Mobspin: Get A Little Help From Your Friends Without Seeming Needy

For years, people have been turning to the web to ask perfect strangers for advice. But while largely anoymized services like Yahoo Answers have proven to be hugely popular, there’s something to be said for getting advice from people you actually know. Last month we wrote about Aardvark, a social search engine in private beta built by The Mechanical Zoo that distributes your searches across your social graph for quick, highly accurate results that are likely more credible than what you’d get from Yahoo Answers or a normal search engine. Today sees the public launch of another social advice site called Mobspin that is also leveraging the social graph, though in a slightly different manner.

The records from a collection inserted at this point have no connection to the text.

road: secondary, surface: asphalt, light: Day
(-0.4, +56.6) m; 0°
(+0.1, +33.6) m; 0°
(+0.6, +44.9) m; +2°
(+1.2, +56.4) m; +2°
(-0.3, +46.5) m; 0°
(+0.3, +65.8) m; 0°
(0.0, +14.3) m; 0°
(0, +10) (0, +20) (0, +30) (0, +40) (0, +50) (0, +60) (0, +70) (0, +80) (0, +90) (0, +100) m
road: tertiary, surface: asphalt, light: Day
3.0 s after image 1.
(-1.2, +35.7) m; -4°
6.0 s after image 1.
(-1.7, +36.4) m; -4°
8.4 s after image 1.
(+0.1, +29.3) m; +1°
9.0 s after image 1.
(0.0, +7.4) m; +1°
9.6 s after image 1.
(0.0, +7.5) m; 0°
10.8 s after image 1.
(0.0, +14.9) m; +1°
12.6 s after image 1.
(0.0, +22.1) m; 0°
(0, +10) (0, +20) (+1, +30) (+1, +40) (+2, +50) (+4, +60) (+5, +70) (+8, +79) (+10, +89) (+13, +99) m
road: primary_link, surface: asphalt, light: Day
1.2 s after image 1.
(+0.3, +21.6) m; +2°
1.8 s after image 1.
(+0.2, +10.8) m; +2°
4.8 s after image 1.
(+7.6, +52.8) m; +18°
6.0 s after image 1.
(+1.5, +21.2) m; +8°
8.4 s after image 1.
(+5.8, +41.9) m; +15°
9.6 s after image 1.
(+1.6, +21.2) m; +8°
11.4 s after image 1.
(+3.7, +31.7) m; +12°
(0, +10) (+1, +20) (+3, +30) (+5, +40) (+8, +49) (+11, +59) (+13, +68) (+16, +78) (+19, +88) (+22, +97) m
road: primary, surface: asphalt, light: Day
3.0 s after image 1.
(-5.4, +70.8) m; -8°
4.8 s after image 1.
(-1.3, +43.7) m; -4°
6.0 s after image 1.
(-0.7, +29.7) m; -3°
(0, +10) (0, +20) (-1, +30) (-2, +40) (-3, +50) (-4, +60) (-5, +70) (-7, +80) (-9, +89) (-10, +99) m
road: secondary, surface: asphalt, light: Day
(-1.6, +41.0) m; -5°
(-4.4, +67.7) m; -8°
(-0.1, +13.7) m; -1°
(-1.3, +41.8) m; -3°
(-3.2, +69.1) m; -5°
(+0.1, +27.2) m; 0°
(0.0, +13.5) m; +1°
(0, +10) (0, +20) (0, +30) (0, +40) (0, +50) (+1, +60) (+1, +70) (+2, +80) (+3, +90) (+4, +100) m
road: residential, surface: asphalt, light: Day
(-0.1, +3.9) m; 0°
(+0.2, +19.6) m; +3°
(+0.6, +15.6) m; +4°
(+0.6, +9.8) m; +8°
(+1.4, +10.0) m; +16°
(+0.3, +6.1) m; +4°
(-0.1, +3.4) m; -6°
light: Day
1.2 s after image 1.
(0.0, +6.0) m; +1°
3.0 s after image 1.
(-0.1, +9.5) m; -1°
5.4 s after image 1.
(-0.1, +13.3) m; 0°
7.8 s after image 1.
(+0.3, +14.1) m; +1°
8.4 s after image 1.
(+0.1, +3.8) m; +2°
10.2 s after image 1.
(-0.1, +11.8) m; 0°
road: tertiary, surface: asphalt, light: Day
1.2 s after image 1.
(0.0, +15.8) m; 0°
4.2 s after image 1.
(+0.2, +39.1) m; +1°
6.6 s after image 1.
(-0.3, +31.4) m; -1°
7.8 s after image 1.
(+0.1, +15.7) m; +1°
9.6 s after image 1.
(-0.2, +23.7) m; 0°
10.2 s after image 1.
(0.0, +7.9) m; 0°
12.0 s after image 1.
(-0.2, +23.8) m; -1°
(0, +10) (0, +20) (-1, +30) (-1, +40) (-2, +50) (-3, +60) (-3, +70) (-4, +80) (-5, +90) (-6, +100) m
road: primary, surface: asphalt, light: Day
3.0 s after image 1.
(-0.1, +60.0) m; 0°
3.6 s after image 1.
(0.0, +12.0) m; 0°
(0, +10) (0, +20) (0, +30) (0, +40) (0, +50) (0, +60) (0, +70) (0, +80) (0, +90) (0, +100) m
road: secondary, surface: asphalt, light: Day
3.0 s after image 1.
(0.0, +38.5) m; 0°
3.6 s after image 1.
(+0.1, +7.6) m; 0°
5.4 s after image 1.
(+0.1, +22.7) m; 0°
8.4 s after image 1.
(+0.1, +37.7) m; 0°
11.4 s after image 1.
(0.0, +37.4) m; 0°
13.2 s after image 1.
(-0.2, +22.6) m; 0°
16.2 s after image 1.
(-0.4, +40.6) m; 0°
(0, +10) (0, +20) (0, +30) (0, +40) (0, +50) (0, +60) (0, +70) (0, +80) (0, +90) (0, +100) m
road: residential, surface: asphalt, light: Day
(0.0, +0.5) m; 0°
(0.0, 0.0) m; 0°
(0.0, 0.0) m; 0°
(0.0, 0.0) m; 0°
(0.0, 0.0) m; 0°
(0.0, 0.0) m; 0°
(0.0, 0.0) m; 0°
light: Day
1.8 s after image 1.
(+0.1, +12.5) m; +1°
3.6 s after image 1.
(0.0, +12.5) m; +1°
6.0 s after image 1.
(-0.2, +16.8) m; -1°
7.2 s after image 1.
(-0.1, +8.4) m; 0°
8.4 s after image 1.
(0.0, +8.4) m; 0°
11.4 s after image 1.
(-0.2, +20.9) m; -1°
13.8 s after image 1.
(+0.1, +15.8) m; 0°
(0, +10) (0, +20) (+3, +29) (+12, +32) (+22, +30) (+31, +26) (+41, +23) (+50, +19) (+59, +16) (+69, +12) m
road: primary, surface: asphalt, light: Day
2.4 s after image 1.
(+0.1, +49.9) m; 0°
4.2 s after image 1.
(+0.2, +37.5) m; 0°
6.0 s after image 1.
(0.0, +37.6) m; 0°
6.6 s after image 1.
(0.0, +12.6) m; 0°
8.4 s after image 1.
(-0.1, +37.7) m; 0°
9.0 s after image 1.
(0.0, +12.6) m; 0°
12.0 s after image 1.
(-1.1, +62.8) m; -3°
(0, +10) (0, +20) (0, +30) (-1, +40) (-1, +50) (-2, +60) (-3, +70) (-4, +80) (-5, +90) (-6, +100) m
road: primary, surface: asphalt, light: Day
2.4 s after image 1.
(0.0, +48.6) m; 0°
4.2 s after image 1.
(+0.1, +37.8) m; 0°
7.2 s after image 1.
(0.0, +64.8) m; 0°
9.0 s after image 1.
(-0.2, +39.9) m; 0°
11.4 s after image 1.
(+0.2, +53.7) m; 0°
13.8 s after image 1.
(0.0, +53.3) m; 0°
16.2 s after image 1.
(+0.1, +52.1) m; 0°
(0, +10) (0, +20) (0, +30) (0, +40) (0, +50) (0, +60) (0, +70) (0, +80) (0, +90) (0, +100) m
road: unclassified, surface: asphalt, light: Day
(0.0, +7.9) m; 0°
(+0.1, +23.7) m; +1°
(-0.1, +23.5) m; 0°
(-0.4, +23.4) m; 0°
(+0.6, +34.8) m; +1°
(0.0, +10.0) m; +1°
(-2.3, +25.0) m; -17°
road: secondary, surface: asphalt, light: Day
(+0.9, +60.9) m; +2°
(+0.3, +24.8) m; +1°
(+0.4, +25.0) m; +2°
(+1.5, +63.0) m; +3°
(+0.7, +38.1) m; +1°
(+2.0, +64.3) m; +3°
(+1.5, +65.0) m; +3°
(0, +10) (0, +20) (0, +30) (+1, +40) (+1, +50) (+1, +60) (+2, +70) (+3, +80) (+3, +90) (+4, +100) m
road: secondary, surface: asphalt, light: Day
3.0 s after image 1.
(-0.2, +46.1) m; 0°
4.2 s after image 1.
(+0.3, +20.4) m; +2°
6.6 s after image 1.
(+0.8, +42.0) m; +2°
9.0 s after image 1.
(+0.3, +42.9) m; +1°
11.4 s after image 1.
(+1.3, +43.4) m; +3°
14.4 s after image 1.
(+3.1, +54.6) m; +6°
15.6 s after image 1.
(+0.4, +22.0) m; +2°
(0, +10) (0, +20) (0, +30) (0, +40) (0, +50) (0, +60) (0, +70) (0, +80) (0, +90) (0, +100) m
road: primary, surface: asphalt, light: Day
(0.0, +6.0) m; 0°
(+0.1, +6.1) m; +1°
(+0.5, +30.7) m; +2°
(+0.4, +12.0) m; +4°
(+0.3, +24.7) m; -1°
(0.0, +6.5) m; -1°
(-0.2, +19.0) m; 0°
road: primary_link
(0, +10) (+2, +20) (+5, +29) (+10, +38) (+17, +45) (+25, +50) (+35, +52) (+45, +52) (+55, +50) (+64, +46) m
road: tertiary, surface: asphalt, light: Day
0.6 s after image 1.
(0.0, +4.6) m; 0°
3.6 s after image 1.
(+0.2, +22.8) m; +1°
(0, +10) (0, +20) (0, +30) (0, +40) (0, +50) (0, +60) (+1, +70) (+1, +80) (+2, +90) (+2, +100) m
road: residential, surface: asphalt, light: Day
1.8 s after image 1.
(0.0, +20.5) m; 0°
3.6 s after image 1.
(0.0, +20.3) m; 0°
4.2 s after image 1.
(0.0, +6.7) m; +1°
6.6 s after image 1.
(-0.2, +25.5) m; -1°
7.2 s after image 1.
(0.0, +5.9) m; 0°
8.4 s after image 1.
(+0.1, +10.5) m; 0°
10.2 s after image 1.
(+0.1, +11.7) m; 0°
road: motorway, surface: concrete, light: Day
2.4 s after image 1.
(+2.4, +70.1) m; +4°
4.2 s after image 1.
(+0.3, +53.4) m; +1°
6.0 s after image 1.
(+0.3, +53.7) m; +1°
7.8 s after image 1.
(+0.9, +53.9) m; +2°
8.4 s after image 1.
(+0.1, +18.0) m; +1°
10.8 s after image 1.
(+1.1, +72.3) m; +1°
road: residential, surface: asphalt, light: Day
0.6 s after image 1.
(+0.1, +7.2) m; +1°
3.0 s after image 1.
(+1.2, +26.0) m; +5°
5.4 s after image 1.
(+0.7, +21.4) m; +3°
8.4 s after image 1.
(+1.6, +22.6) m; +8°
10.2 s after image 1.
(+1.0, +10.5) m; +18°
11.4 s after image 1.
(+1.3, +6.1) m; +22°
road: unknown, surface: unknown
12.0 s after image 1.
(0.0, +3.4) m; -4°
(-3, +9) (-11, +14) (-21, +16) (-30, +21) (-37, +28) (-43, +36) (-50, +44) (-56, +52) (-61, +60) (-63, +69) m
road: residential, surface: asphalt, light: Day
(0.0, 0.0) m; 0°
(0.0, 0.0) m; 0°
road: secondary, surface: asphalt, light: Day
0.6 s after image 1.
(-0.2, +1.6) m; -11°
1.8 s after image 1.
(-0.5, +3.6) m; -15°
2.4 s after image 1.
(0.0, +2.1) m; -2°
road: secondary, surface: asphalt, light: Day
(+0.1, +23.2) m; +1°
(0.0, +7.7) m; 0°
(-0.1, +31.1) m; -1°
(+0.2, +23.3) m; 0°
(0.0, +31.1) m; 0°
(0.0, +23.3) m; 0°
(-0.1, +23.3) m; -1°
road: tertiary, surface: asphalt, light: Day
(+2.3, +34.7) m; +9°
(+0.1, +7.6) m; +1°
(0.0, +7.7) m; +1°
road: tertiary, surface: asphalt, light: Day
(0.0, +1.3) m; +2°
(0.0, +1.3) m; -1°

Mobspin CEO Roy Goldman says that while Aardvark is a good service for questions that need near-immediate answers, many questions aren’t that urgent, which is why Mobspin is taking a more passive approach.

To use the site, you first submit a question that you’d like your friends’ help with. But rather than sending out an immediate alert to your friends letting them know that you’d like some help, the site instead sends them sporadic Email digests at intervals they’ve set. Goldman says that friends are generally eager to help anyway, and don’t need to be hit over the head with obnoxious and frequent requests. To help build up your friends list, the site has deep support for Facebook, allowing you to import your friends list as well as syndicate your questions to Facebook News Feeds.

You can also get an overview of the questions you’ve been asked at the Mobspin homepage, which allows users to filter questions by the people who have asked them (you can choose to view questions only from your friends, friends of friends, and so on). The site is also looking to serve as a repository for questions and answers – all submissions will be searchable by keyword, but will be stripped of any identifiable personal data. You can also leave reviews on the site, which are also included in the index.

Mobspin’s biggest obstacle will lie in obtaining critical mass – there isn’t much point in searching the database or submitting a question if you can never find a relevant answer. But it’s a quick way to ask your friends questions, and, unlike Aardvark, it’s publicly available. The site will be going up against a few other similar services, including Ruba, GigPark, and Yotify, which we covered here.